In order to generate suitable cell spheroids for screening the compounds, a combination of hanging drop (HD) and liquid overlay (LO) techniques was used as described previously61. In brief, 50 µl drops of a cell suspension with the concentration of about 1.0 × 105 cells/ml (5000 cells/drop) were deposited on the interior surface of a petri dish lid, and were incubated until the spheroids were formed. The spheroids were then transferred to a round bottom 96-well microplate precoated with 50 μl of 0.5% poly-HEMA (sigma) in 95% ethanol, to prevent the cells to adhere to the bottom of the microplate, and were supplemented with 200 µl culture medium to grow for 2 more days.

Evaluation of cell viability, apoptosis, and cell cycle distribution of the CP treated MDA-MB-231 cell spheroids

To evaluate the cellular viability, cell spheroids were treated for 48 h with 250–2000 μg/ml of CP, and the MTT assay was employed the same as for the 2D cell culture. For estimation of apoptosis, MDA-MB-231 spheroids, pre-selected for volume and shape, were exposed to IC50 concentration of CP (1200 µg/ml) for 24 h, stained with EB/AO, and observed under fluorescent microscope. Furthermore, in order to quantify the apoptotic cells population, CP treated spheroids were trypsinized, and the singled cell suspensions were stained with AnnexinV-FITC/PI. The percentage of apoptotic cells was determined by flow cytometry analysis. The same CP treatment and cells preparation was also used for the cycle analysis, and the test was performed the same as for the 2D cell culture. The cell cycle distribution was analyzed by flowJo software.

UV Absorption Spectra Measurements

The absorption spectra were acquired on a Cary 100 Bio-model, Australia spectrophotometer. Rat hepatocyte genomic DNA was isolated by standard phenol-chloroform procedure. Isolated DNA was quantified by measuring the absorbance at 260 nm, and its quality was evaluated by both monitoring the A260/A280 ratio ≥1.8, and agarose gel electrophoresis. DNA stock solutions were prepared in 0.1 M phosphate buffer (pH 7.4), and stored at −20 °C. CP, and AP UV Absorption Spectra studies were performed with a fixed concentration of rat hepatocyte DNA (50 μg/ml) in phosphate buffer at room temperature by spectrophotometry over a wavelength range of 190–400 nm. Initially, the absorbance of CP and AP was measured in phosphate buffer at concentrations ranging from 9 to 150 μg/ml, and 9 to 300 μg/ml respectively, the solvent was taken as reference, and then similar procedure was carried out after addition of constant amounts of DNA (50 μg/ml).
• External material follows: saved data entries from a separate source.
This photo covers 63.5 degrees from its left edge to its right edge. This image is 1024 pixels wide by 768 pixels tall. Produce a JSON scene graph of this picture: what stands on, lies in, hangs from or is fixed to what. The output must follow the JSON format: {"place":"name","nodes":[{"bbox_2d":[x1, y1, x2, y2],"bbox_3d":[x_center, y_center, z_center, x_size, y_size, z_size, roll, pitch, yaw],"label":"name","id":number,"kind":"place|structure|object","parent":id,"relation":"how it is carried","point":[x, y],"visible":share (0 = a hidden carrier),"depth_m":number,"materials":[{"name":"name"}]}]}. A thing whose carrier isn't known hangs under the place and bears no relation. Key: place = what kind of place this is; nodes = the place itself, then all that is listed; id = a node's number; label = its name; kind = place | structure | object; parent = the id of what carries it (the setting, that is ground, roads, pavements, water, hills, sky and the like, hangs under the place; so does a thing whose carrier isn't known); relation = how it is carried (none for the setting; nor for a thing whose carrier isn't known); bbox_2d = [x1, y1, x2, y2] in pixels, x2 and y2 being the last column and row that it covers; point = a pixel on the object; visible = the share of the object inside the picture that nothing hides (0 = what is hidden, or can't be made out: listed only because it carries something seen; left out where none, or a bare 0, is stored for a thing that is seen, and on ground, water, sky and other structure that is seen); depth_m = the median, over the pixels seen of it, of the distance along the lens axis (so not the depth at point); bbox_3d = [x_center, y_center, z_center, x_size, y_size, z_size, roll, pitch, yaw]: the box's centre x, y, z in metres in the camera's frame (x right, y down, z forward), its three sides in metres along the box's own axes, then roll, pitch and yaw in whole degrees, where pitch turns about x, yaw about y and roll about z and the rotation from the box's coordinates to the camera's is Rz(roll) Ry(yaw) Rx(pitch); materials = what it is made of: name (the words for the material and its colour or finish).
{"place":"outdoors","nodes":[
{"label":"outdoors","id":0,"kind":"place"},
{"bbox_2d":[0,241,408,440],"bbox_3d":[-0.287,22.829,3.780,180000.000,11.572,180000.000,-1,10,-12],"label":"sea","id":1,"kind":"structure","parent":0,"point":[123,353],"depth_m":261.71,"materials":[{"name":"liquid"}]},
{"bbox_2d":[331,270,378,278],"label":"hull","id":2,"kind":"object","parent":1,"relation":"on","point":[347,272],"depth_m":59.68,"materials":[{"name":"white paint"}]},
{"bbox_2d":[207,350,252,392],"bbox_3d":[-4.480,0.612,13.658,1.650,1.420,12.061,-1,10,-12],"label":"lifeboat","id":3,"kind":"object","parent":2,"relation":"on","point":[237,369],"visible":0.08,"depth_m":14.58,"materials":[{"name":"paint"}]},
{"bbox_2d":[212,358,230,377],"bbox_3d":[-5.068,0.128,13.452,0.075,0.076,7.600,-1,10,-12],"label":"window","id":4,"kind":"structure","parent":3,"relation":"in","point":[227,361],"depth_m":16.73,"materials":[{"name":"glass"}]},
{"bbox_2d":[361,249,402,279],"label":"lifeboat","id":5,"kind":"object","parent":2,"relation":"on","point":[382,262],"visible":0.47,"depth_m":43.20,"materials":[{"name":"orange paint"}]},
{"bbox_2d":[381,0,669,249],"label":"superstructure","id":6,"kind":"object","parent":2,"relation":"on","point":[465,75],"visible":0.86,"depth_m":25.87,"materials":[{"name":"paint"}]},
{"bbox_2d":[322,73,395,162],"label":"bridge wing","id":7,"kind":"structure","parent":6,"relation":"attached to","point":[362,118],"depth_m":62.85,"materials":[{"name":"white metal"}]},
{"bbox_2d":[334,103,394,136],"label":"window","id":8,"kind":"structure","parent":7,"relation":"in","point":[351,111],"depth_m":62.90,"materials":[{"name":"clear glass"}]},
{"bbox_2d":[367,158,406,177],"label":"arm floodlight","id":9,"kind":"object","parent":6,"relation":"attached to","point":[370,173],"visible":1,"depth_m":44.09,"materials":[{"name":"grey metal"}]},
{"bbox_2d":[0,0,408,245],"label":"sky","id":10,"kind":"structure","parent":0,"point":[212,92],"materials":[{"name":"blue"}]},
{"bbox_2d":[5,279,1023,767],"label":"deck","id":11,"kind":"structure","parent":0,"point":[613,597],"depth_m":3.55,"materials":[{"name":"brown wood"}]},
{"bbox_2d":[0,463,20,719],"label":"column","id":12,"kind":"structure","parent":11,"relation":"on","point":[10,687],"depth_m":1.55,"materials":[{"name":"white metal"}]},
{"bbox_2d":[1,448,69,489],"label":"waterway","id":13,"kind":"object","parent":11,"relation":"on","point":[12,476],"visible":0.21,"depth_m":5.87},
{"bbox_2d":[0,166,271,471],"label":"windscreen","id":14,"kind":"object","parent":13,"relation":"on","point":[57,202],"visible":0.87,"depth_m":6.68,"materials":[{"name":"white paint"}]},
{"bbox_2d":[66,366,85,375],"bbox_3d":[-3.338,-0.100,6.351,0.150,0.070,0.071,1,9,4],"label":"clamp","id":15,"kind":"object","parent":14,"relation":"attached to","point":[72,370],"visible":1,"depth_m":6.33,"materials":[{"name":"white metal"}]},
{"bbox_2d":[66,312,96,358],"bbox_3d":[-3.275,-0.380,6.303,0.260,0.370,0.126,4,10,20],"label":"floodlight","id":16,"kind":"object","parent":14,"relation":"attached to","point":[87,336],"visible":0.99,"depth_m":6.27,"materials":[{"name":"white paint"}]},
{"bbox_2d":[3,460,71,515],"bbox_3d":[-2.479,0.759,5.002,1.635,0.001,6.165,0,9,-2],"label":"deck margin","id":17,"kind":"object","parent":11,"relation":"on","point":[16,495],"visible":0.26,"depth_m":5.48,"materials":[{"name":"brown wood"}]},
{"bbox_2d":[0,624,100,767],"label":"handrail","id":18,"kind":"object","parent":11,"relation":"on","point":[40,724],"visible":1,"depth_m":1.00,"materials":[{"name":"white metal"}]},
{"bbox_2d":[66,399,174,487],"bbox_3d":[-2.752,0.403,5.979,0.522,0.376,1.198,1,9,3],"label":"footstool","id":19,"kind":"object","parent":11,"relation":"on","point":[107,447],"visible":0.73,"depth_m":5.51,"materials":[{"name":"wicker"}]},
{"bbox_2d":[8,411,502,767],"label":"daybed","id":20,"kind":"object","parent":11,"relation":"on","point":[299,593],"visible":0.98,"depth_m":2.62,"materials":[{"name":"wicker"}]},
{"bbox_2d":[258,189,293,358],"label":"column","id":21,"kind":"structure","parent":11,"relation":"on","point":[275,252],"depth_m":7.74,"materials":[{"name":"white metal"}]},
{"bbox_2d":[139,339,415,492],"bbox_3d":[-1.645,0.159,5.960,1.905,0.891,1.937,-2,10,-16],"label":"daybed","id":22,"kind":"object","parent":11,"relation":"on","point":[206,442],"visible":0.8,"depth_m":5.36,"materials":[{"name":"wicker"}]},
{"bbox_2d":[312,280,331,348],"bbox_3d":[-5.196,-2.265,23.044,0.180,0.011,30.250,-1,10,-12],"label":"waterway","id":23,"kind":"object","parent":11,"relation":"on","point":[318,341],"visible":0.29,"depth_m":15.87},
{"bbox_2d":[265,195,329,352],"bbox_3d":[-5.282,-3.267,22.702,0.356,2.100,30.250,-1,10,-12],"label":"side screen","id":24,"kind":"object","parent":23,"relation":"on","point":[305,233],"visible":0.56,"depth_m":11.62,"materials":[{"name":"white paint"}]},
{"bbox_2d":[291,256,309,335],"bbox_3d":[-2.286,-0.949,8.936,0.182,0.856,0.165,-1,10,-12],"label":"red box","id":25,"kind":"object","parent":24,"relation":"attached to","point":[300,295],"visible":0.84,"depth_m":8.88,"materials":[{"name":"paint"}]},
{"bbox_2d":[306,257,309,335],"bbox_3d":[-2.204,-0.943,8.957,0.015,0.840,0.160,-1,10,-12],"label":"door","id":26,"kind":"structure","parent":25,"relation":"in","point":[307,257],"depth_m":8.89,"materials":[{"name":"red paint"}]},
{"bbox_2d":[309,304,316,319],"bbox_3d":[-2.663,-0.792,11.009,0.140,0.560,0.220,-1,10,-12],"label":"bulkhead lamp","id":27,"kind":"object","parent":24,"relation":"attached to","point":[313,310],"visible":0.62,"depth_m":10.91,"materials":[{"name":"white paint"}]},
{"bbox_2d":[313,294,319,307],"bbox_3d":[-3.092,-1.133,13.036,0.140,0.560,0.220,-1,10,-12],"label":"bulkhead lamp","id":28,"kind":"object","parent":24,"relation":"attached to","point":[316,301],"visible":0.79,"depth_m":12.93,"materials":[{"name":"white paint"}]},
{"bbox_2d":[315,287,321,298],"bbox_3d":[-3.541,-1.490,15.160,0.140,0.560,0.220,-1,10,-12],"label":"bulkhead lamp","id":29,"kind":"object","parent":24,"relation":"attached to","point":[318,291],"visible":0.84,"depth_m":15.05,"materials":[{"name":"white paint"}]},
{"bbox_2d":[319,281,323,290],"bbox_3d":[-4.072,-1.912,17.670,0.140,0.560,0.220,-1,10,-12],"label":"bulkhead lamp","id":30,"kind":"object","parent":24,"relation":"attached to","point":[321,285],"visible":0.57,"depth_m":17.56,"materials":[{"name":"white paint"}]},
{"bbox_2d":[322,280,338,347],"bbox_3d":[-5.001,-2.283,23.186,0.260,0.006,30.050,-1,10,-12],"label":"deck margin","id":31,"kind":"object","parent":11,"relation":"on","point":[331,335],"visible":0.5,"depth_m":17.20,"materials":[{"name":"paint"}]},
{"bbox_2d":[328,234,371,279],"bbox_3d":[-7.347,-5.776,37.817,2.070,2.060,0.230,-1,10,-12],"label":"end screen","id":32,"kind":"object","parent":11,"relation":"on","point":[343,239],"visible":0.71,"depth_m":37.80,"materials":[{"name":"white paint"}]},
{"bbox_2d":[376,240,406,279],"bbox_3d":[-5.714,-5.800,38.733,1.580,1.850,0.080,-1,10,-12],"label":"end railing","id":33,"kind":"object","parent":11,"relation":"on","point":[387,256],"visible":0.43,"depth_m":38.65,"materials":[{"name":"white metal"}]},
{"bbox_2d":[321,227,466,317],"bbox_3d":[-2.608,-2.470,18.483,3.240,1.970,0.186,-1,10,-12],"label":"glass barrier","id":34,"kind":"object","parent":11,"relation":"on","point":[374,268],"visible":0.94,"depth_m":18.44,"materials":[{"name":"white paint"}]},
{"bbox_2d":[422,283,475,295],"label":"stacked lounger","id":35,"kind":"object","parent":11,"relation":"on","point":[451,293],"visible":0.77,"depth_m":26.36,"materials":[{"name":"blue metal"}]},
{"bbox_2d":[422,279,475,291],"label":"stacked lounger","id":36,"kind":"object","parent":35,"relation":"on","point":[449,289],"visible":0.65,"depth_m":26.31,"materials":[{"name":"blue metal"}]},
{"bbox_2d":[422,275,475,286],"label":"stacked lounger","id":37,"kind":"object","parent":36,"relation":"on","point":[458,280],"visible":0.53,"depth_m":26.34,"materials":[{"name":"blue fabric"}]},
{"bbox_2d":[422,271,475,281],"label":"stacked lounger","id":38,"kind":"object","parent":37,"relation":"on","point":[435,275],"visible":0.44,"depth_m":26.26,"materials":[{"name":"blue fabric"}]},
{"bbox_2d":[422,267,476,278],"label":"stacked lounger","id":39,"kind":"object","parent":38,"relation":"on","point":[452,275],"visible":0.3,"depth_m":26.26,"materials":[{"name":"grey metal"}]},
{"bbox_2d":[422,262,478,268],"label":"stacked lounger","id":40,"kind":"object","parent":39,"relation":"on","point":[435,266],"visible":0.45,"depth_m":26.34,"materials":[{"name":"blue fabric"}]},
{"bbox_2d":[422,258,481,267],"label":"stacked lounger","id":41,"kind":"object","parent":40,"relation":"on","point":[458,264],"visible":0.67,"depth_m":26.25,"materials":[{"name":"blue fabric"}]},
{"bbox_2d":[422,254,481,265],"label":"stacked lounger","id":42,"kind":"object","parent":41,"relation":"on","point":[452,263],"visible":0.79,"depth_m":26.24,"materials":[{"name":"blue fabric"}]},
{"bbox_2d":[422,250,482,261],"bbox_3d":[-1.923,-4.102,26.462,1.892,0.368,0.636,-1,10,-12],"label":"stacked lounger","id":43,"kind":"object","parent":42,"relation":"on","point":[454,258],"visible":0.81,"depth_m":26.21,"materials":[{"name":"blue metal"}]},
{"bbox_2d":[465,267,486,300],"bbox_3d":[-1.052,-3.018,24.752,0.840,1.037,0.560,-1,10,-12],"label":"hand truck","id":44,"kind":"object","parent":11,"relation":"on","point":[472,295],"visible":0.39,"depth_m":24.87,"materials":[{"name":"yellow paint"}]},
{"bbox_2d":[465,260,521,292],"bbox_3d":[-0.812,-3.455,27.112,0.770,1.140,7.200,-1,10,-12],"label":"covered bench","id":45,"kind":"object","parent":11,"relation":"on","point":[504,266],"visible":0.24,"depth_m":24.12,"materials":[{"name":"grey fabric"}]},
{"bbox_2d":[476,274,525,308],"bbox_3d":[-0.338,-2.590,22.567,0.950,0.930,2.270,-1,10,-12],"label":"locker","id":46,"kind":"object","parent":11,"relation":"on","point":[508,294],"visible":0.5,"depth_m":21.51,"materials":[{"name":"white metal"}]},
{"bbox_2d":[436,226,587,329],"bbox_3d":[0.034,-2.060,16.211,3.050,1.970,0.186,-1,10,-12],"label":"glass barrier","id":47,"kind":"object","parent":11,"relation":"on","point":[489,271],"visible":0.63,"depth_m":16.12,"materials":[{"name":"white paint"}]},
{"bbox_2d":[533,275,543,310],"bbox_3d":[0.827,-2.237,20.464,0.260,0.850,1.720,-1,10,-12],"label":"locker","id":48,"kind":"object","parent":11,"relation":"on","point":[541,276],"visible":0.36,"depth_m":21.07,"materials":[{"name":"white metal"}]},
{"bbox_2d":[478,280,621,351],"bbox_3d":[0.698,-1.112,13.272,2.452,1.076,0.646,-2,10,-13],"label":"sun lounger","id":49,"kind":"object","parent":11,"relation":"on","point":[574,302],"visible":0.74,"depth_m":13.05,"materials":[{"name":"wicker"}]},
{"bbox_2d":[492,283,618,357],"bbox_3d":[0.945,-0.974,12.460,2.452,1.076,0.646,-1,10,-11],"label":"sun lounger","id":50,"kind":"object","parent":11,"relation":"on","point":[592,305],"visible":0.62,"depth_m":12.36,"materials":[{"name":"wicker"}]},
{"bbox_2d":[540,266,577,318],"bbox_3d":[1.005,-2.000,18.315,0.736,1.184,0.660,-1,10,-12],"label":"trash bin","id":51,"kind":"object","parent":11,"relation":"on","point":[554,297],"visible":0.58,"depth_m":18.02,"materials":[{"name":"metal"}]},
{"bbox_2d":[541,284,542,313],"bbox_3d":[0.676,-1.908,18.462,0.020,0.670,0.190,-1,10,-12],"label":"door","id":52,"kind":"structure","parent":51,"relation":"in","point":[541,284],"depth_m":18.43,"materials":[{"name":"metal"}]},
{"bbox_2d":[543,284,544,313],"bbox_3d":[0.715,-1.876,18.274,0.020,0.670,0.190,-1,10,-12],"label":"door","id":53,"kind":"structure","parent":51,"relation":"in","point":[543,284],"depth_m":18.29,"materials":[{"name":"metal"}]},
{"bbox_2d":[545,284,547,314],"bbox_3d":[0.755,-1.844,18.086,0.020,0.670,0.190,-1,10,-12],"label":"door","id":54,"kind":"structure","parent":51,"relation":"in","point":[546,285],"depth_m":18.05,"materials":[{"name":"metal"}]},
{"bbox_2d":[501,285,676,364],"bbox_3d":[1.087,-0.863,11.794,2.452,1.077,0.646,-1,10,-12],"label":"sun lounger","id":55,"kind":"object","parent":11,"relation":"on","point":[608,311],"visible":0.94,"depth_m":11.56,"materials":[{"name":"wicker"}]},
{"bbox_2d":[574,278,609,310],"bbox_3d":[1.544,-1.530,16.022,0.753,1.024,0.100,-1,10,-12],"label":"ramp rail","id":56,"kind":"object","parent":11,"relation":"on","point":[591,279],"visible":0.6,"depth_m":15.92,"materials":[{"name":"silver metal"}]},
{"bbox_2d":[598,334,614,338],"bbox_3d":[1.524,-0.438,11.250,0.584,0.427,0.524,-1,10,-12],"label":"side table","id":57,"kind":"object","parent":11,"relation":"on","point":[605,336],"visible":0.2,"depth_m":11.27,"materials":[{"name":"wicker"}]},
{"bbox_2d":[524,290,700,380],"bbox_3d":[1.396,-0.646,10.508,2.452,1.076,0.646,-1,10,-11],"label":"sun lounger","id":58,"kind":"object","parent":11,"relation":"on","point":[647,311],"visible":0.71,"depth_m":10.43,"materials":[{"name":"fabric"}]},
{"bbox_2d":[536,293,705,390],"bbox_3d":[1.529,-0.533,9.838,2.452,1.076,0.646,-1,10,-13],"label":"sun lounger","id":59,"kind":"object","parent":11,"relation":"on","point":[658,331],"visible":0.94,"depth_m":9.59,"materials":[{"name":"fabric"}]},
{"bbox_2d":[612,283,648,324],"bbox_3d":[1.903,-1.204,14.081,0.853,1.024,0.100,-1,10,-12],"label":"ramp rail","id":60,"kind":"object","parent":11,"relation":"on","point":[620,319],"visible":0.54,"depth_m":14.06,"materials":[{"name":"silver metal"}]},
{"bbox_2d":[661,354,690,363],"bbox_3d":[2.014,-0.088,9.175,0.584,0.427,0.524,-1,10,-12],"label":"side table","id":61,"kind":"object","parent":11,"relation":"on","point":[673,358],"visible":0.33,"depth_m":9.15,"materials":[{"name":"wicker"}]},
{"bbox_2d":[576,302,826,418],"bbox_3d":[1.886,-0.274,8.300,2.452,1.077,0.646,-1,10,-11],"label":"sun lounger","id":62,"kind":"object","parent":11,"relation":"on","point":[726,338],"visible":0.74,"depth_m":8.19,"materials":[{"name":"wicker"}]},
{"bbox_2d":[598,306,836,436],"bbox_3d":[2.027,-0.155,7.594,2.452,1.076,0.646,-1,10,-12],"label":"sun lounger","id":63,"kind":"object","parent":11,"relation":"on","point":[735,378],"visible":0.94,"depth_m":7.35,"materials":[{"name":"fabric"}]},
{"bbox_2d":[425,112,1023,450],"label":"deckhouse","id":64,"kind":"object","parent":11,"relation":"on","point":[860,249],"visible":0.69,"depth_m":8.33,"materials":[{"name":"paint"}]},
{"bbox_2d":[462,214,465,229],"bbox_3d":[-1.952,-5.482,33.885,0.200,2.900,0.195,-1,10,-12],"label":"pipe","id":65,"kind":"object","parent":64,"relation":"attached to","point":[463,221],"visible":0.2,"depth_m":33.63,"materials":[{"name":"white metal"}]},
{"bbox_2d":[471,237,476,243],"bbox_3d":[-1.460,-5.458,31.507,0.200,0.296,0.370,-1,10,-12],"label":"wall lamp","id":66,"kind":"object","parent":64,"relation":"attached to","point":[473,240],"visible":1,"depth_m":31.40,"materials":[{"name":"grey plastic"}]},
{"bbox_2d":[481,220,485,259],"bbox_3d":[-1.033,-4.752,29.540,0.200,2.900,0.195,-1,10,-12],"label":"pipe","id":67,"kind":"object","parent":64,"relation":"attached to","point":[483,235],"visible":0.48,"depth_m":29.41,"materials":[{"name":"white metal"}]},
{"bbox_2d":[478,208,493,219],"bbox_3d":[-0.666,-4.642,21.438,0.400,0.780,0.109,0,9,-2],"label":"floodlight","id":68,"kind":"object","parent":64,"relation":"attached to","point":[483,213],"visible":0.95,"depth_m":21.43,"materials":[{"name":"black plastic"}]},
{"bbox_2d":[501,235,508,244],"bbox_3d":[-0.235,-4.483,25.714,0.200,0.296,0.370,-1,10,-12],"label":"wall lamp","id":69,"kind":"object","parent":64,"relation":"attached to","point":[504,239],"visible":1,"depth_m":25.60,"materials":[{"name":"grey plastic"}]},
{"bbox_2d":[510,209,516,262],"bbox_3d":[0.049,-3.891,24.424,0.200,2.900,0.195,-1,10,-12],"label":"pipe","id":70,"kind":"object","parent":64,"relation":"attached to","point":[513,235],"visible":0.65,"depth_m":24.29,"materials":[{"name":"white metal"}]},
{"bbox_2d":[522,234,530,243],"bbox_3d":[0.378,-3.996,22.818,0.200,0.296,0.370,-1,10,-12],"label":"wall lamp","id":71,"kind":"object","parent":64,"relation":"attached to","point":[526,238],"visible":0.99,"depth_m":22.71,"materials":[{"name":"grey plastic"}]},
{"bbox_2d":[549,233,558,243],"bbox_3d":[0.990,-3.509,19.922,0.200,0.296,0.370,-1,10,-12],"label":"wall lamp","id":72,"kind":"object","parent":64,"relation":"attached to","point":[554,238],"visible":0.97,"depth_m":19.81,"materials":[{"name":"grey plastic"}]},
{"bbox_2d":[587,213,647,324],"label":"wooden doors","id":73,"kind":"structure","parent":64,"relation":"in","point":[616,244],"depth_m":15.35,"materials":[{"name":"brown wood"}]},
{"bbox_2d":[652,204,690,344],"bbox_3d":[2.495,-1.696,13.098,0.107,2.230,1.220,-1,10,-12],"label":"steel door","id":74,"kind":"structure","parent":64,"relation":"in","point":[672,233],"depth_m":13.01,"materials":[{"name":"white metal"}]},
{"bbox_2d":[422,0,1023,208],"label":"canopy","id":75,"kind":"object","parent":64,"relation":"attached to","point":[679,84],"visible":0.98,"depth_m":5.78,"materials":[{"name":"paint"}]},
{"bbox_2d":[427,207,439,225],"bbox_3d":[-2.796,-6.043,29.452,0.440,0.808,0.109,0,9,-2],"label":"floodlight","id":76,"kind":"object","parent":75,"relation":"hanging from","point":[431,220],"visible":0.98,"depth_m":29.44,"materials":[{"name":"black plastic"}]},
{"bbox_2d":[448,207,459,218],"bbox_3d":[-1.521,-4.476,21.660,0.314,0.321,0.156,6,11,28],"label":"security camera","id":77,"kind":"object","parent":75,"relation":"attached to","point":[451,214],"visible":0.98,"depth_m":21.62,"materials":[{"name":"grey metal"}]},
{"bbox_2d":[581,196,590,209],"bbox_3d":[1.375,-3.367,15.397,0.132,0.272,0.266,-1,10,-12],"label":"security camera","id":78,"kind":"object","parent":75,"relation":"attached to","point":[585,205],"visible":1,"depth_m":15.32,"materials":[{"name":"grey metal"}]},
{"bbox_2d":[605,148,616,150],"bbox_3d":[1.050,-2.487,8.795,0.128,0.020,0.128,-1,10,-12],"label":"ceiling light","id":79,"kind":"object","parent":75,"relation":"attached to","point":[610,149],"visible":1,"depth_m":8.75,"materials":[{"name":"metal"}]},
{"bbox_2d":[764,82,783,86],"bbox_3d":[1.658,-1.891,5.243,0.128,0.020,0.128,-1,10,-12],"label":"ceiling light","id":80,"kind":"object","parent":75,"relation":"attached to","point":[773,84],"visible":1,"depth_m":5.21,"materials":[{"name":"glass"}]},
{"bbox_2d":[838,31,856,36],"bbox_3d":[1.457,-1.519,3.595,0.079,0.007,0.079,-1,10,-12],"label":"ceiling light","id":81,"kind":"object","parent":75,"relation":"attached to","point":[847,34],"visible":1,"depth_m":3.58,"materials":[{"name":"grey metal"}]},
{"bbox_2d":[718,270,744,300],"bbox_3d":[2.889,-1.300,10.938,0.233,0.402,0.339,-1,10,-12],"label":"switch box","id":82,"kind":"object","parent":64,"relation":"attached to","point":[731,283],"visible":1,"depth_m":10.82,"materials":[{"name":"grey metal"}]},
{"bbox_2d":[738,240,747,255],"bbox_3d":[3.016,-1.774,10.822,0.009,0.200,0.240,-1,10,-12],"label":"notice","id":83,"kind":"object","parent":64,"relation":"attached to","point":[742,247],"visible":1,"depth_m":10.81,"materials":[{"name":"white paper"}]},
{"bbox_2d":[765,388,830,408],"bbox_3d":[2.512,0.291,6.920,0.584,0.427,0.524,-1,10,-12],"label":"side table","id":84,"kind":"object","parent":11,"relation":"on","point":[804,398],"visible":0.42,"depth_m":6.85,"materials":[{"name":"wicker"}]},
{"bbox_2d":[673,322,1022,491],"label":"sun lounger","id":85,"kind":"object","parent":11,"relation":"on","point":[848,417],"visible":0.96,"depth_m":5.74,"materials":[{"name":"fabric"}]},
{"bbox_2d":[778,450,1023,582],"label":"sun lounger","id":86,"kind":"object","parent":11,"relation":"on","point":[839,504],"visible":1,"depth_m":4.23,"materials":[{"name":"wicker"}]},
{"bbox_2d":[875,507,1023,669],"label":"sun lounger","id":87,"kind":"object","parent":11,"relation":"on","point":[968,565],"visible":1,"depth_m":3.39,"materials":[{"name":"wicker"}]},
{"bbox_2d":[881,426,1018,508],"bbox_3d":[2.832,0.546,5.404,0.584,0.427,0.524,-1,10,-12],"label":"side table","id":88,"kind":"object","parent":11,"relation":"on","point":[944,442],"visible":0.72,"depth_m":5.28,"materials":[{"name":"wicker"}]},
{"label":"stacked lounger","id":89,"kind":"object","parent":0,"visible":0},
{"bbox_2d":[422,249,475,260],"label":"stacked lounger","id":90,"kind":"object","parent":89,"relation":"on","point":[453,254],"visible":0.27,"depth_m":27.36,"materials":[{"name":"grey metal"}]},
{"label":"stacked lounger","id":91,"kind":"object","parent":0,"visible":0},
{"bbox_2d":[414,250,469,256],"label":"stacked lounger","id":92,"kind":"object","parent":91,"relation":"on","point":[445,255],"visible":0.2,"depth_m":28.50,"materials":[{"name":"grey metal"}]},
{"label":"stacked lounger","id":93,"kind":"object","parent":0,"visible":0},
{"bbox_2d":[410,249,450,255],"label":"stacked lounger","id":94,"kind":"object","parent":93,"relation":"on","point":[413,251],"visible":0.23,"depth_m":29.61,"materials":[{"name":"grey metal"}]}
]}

Fluorescence Spectra Measurements

The fluorescence spectra were obtained using a Carry eclipse (Australia) spectrophotometer. Ethidium bromide (EB) fluorescence quenching assay (competitive binding studies) was performed by using DNA-EB system, in which, the fluorescence of the DNA is greatly enhanced by the intercalation of EB between DNA base pairs. The fluorescence quenching was recorded by the addition of different concentrations of CP (0–7.3 μM) and AP (0–8 μM) to a solution containing both 2.6 μM EB and 50 μg/ml DNA. Measurements were done in the range of 530–700 nm upon excitation at 500 nm by applying a 1 cm path length fluorescence cuvette at 310 K. The slit width was set as 10 nm/10 nm for excitation/emission, respectively.

Circular Dichroism (CD) studies

CD spectra were recorded on a Circular Dichroism 215, Aviv, USA spectrophotometer using a Quartz cuvette with a path length of 1 cm in far-UV range at wavelengths between 220 and 320 nm at room temperature, and pH = 7.4. All the reported CD data were obtained by using 75 μg/ml CP and AP in a 100 μg/ml DNA solution. The changes in CD spectra were monitored against a blank and the spectrum of the buffer solution was recorded and subtracted from the spectra of DNA and DNA-CP/AP complex.

Statistical Analysis

Experimental data were processed by Microsoft Excel 2013 software. Results were obtained from three or more independent experiments, and presented as mean ± standard deviation. T-test was used to determine the significance between the means, and p-values not greater than 0.05 were considered significant.